自殺した松岡利勝農水大臣の問題は別にして、「消えた年金」問題については、野党の国会質問の内容があまりに詳細であったことから、「これは官僚からのリークだ」、「社保庁の自爆テロだ」という指摘が当時からなされた、と小川氏は述べている。その根拠として、小川氏はこの問題はメディアが最初に報じてから、マスコミがバッシングに使い始めるまでのタイムラグがあることを指摘している。これは小沢氏の陸山会問題についても同じで、政権交代直前という実に絶妙なタイミングで秘書の逮捕が行なわれていた。
官僚にとっては、自民党、民主党の双方を自分たちの既得権を破壊する「公務員制度改革」に着手させないということが組織の自己防衛として、極めて合理的な選択(ラショナル・チョイス)である。
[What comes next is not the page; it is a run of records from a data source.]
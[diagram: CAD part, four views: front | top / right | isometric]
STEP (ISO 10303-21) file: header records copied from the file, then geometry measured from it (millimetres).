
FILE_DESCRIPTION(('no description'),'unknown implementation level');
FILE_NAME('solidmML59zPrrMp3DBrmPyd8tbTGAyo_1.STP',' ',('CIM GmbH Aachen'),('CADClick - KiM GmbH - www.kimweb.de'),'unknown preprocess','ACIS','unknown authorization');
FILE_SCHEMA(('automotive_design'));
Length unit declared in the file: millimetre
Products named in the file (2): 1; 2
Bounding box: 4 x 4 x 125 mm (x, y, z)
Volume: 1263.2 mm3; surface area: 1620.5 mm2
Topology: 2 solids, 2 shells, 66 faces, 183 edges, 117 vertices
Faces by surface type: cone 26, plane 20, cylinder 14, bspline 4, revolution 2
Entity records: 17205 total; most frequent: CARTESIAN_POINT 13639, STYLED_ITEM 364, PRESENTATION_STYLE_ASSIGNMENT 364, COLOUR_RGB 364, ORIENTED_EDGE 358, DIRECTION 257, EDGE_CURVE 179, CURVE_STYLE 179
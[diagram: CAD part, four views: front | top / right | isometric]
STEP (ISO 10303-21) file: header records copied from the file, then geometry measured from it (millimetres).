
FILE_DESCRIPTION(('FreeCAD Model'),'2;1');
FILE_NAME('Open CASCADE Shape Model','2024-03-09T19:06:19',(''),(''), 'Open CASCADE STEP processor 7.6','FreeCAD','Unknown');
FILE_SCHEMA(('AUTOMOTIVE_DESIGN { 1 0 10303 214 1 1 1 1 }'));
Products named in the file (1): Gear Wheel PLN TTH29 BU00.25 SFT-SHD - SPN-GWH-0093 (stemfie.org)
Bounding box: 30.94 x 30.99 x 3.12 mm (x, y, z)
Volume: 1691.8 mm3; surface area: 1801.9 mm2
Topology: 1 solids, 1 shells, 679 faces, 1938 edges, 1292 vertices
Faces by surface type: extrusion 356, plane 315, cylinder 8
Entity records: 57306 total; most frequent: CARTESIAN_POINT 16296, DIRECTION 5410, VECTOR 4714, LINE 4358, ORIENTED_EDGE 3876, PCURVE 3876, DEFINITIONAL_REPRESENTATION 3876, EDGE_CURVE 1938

そのためには、政治家同士が与野党でスキャンダルをめぐり泥仕合を繰り広げることや、くだらない些細な失言問題で大衆の感心をそらすことを狙う。そのためにはマスコミという「道具」は官僚にとっては重要な役割を果たす。
官僚とマスコミの関係とは、取材される対象と取材する側の関係であるが、取材する側は紙面や番組を埋めるために、官僚側からの報道発表文に依存している。情報を出す側が情報を選択的・差別的にリークすることでマスコミが官僚にコントロールされるのだ。日本の記者クラブに属する記者はこういう官僚からの情報コントロールというものにどっぷりと使っている。
大手新聞社の地方支局では、警察署がおもな取材先だが、そこでは広報担当の副署長が事件、事故の報道のネタを集めに来た支局記者たちを情報をどのように提供するかによってうまくコントロールする。記者の資質もあるが、たいていは地元紙の記者や読売の記者に詳しく情報を教え、朝日や毎日は冷遇するという構図になっている。警察副署長によるそのような「情報コントロール」という洗礼を受けて数年間、この構図にどっぷり使って支局記者は本社の政治部に出世していく。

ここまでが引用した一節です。